Simplified Function:

To get a base understanding of the properties of the linear regression algorithm, we are going to expand upon our value of the pear example.

If the value of the pear example, we only had the two points of data and we were essentially playing connect the dots but with an infinite line. This is super simple, but not really useful.

When you are trying to get the mean direction that all of the data is heading, you need to take all data that is present into account. The way that the algorithm does this is by putting down a line, seeing how far the line is from every point in the data, and moving it until the average distance is as low as possible. Look at this gif to be able to get a better understanding of what I mean by this.

Source: gbhat.com - Linear Regression

This example is showing the line moving according to the amount of error present in the data squared. It is squared to ensure that the error is positive as well as make the error bigger so that it is easier to adjust for to find what changes the value even if just by a little bit.

Now we understand the idea of moving the line to where it has the least distance to all of the points present in the data.

We now need to understand how the loss or error is calculated. There is another gif that is able to help us understand this.

A line is randomly drawn on the data initially, then the a line is drawn that finds the closest connection between the dot and the line, this is the loss of the initial line. The line is then moved in one direction, and the effect on the loss is recorded. If the loss goes down (meaning it is getting closer to the trend of the data) then it will keep moving in that direction. If the loss gets higher (meaning that the line is moving away from the trend of the data) then the move is reversed and it will begin to travel in the other direction. Once the physical location of the line is optimized, the rotation will begin spinning the line left and right to find the angle of the line that most closely aligns with the data, again moving in the same ways as before according to wether the error increases or decreases. They then take turns moving it and rotating it until the loss is at the lowest possible point.

Source: Medium - Linear Regression (An Overview)

This image really well shows how the algorithm is looking at the distance between all of the points and the line to be able to adjust the line to follow the overall trend of the data most cloesly.

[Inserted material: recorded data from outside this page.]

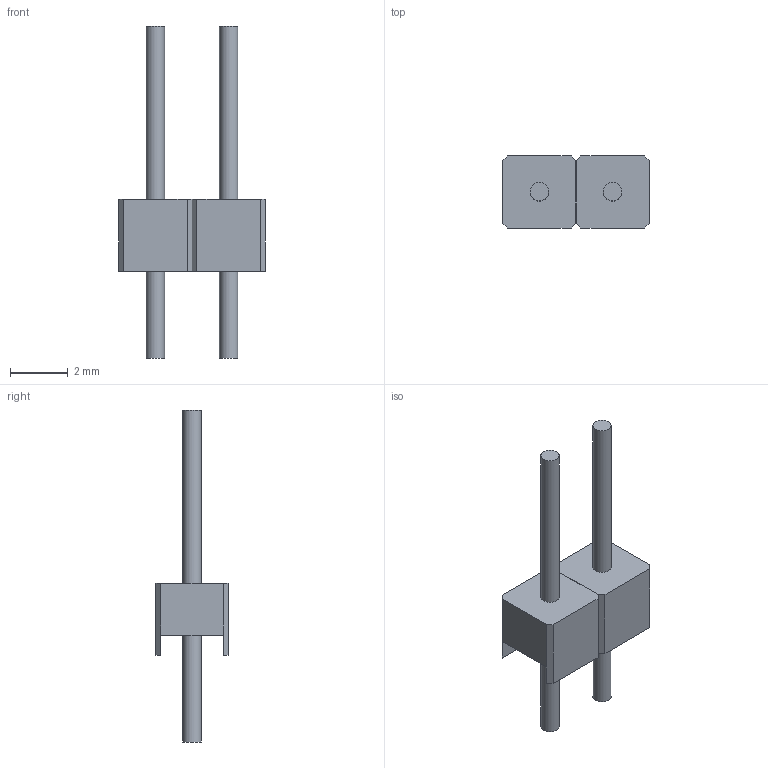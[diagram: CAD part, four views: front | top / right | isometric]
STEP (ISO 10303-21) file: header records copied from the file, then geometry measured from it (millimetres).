
FILE_DESCRIPTION(('STEP AP214'), '1');
FILE_NAME('Äåòàëü', '2015-07-13T10:45:42', ('Àíòîí'), (''), 'ASCON STEP Converter 1.3', 'ASCON Math Kernel', '');
FILE_SCHEMA(('AUTOMOTIVE_DESIGN { 1 0 10303 214 3 1 1}'));
Length unit declared in the file: millimetre
Bounding box: 5.08 x 2.5 x 11.5 mm (x, y, z)
Volume: 30 mm3; surface area: 113.6 mm2
Topology: 2 solids, 2 shells, 36 faces, 76 edges, 48 vertices
Faces by surface type: plane 32, cylinder 4
Full cylindrical faces by diameter (mm): 0.64 x4
Entity records: 1262 total; most frequent: CARTESIAN_POINT 157, DIRECTION 154, ORIENTED_EDGE 144, EDGE_CURVE 72, LINE 64, VECTOR 64, VERTEX_POINT 48, AXIS2_PLACEMENT_3D 45

Now that we know how it is done conceptually, let's dig into the math. This may appear complicated but I can assume that I am tottaly able to perfectly explain it first try with no confusing elements :).

The Math

First, here is the equation. You are able to hover over it to be able to get an understand of each of the elements purpose and function.

yThe predicted output (target variable). = w₁The weight (coefficient) for feature x₁, determining its contribution. x₁The first input feature. + w₂The weight (coefficient) for feature x₂, determining its contribution. x₂The second input feature. + ...Additional features and their weights can be added as needed + w_nThe weight (coefficient) for feature x_n, determining its contribution. x_nThe nth input feature. + bThe bias (intercept), accounting for the baseline prediction when all features are zero.

For those of you (no judgement I didn't either) that still don't understand this, lets break it down more here.

The "Y is the predicted output, the target variable. This is what the model is going to try to estimate.

The weights w₁, w₂, ..., wₙ are the inputted weights from the model. The weight is used to gauge how importance an inputted value is in regard to the expected output. If this does not make sense it will later. The values of wn represent the important of the associated value in yn (being the y1, y2, ... yn).

b is for correcting for the y intercept if it is not 0.

The equation predicts 𝑦 as the weighted sum of the input features plus the bias term. The goal in linear regression is to find the optimal weights (the w values) that minimize the difference/deviation in the predicted values and the actual values that are present in the data. This connects to what I was saying earlier, you are moving around the values in w1, w2, ... wn and so on until you are able to make the line as closely match the data as possible.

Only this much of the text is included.